# Darkside Pneumatic ram



## kevin242 (Sep 30, 2005)

Hey all,
I finally decided to take the plunge and buy a ram/solenoid setup for a pneumatic prop. I bought one on ebay from Darkside Props, it is made from a door closer and I think a washing machine valve. See it here: http://cgi.ebay.com/ws/eBayISAPI.dll?ViewItem&item=330162245369
Anyone have any experience with these? I am going to make a simple barrel popup and trigger it with a wireless remote. Do I need to have a spring return or will it close on its own?
Any advice on this is most welcome!


----------



## DarkShadows (Feb 6, 2006)

Yes thats a screen door closure and dishwasher valve. The screen door closure has pretty strong spring inside of it so it will bring itself back. Also, note not to set air pressure more than 45 psi with these.


----------



## dave the dead (Jan 31, 2007)

The screen door closer wil close on its own, the spring return is built in. Once you see this setup, you will be able to duplicate it for much less than you paid, but it will be nice to have one in hand to copy. 
Advice? watch your pressure when you hook it all up, and double check to make sure all the fittings are tight. Start with a low pressure and work up to where the unit is activating at the speed (and force) you want. Something that I have always done when using a door closer that I do not see on the setup you have purchased is include a bleeder line with a small flow control valve. Unless there is something built into this setup that I am not seeing, you will need to add this in or your screen door cylindar will not want to reset (the air used to activate it will be trapped in the line from the valve to the cylindar.

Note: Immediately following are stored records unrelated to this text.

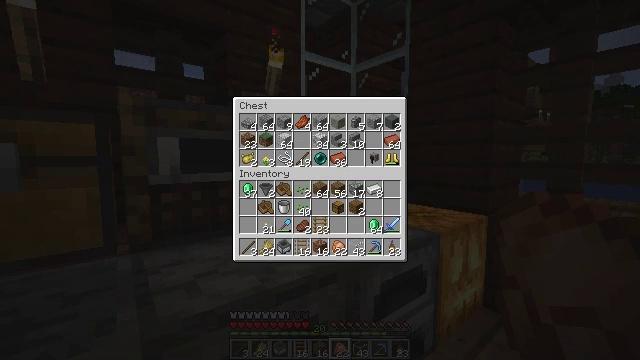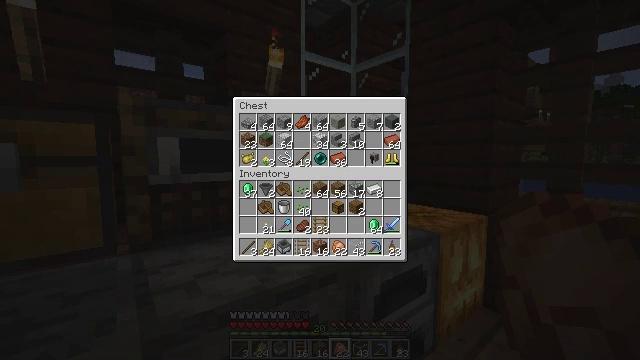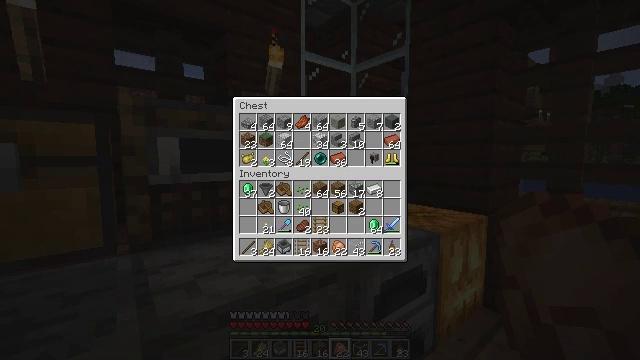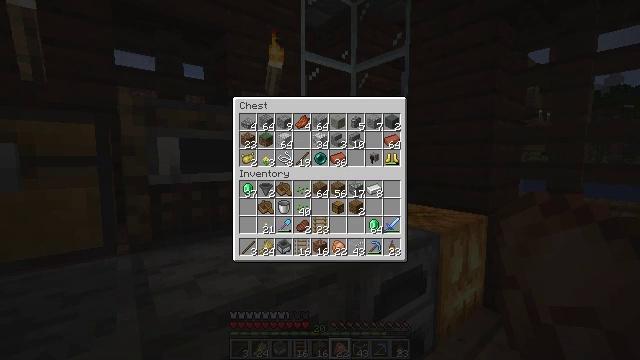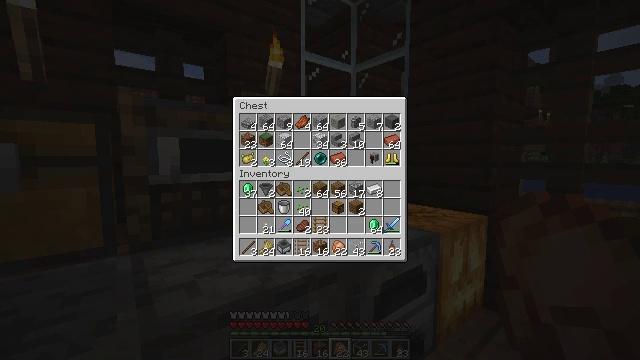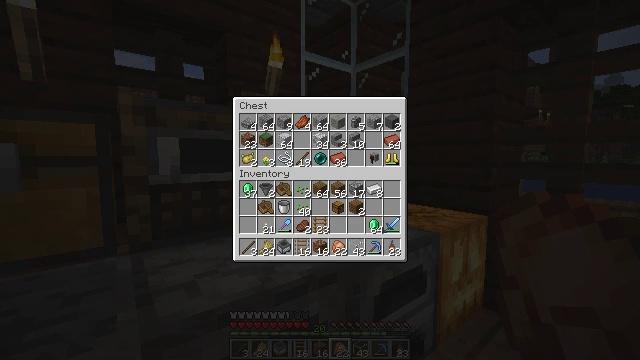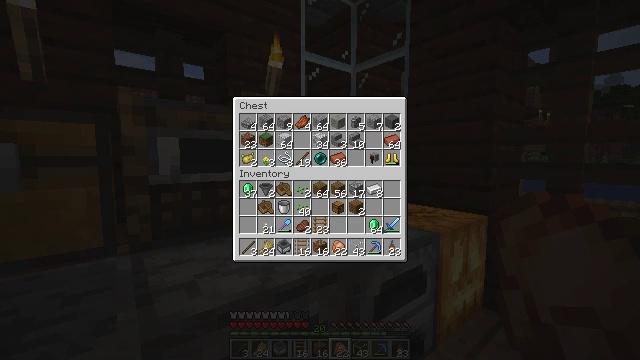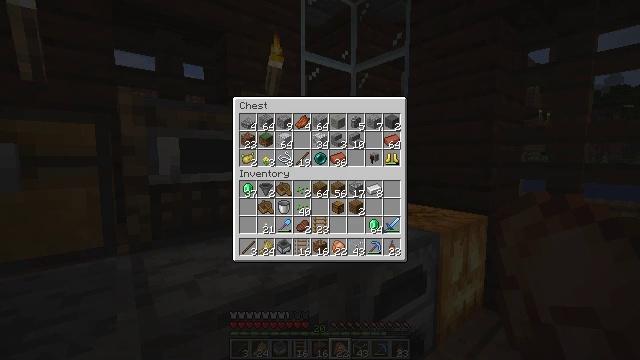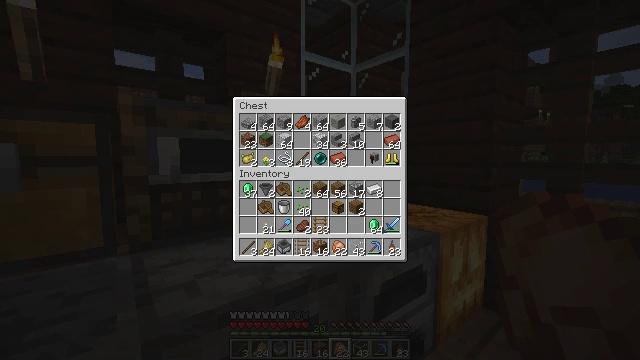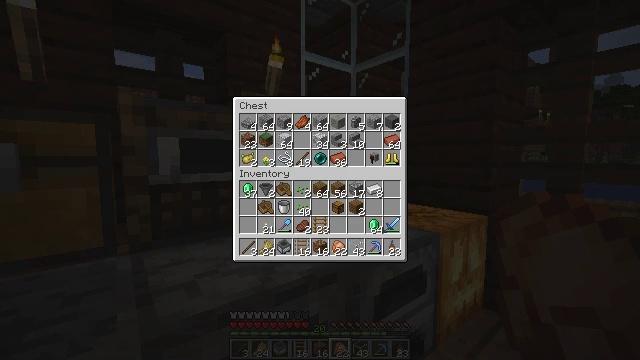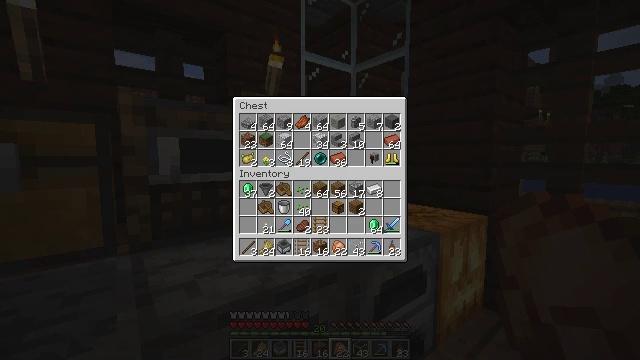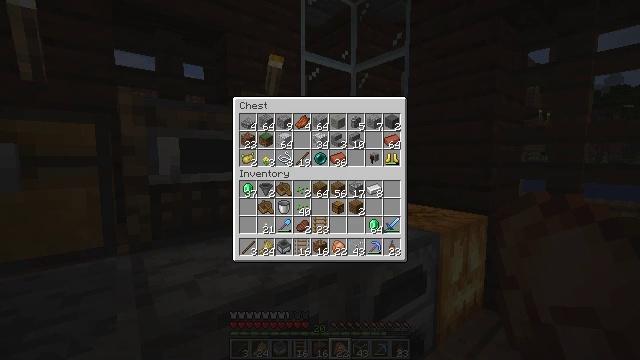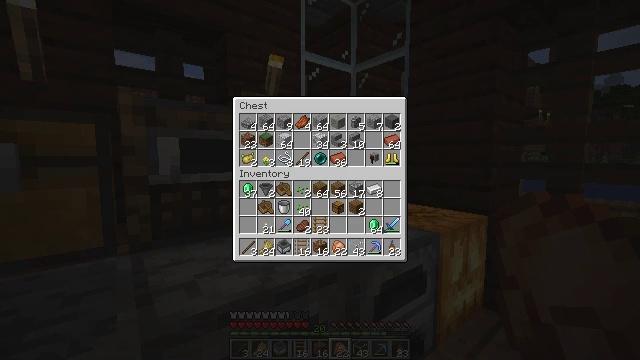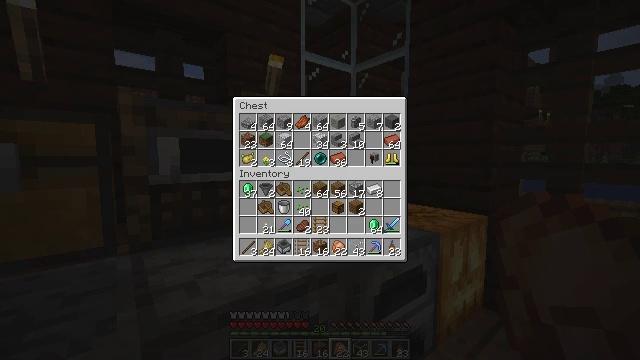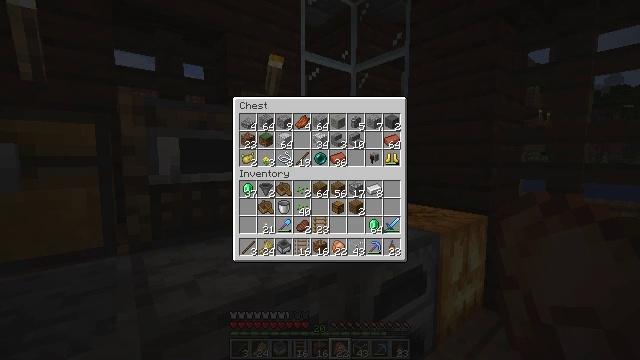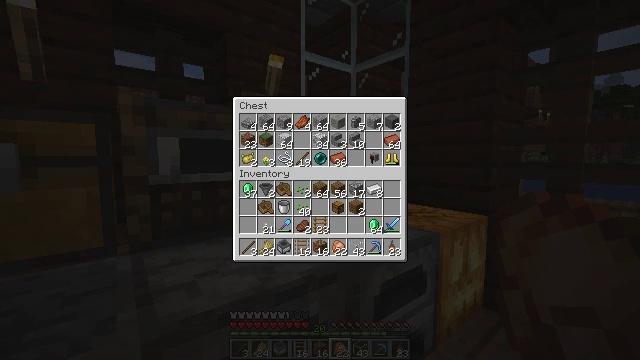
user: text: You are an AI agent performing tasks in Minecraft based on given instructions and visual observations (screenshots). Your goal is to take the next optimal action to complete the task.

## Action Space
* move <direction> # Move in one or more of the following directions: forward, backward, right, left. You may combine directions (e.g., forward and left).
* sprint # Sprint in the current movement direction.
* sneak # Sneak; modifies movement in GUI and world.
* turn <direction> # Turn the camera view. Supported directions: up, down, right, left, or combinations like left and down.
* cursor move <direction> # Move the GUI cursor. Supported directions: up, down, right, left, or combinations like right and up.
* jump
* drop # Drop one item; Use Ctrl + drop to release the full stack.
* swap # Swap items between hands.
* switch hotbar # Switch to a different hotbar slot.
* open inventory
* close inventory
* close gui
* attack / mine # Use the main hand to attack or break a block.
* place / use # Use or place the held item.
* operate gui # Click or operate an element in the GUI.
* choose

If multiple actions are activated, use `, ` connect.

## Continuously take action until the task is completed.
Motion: motion action
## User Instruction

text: Form an observer with the crafting table.
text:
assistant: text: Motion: no_op
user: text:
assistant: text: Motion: no_op
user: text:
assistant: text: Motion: no_op
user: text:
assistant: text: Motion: no_op
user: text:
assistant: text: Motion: no_op
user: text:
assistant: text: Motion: no_op
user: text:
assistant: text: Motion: no_op
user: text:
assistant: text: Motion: no_op
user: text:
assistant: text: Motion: no_op
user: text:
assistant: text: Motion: no_op
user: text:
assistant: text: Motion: no_op
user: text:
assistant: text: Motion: no_op
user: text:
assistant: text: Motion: no_op
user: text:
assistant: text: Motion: no_op
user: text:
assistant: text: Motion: no_op
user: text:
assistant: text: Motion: no_op
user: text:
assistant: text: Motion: no_op
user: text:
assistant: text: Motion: no_op
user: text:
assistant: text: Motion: no_op
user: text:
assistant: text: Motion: no_op
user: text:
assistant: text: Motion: no_op
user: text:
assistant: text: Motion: no_op
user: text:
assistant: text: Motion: no_op
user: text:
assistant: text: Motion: no_op
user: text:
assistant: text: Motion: no_op
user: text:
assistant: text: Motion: no_op
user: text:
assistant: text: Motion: no_op
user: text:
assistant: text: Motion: no_op
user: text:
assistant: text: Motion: no_op
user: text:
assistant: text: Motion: no_op

Its hard to tell from that picture, but be prepared to modify just in case.


----------



## Dark Lord (Jul 25, 2007)

I had purchased one from this guy a few years back $35., found that he had a small hole punched into the line by the cylfor the bleed off, worked several times then would not come down.When i realized (on halloween night) what the prob was when it happened,i just made the hole a little larger & then put a bleeder valve on it for the next year.
Cyl from HD or lowes $12., washing machine/fridge valve (from EBay if non locally cheap $12-$16 with shiping),end fittings & hose= $25-35,less if you can get a cheap or pirated valve near you.


----------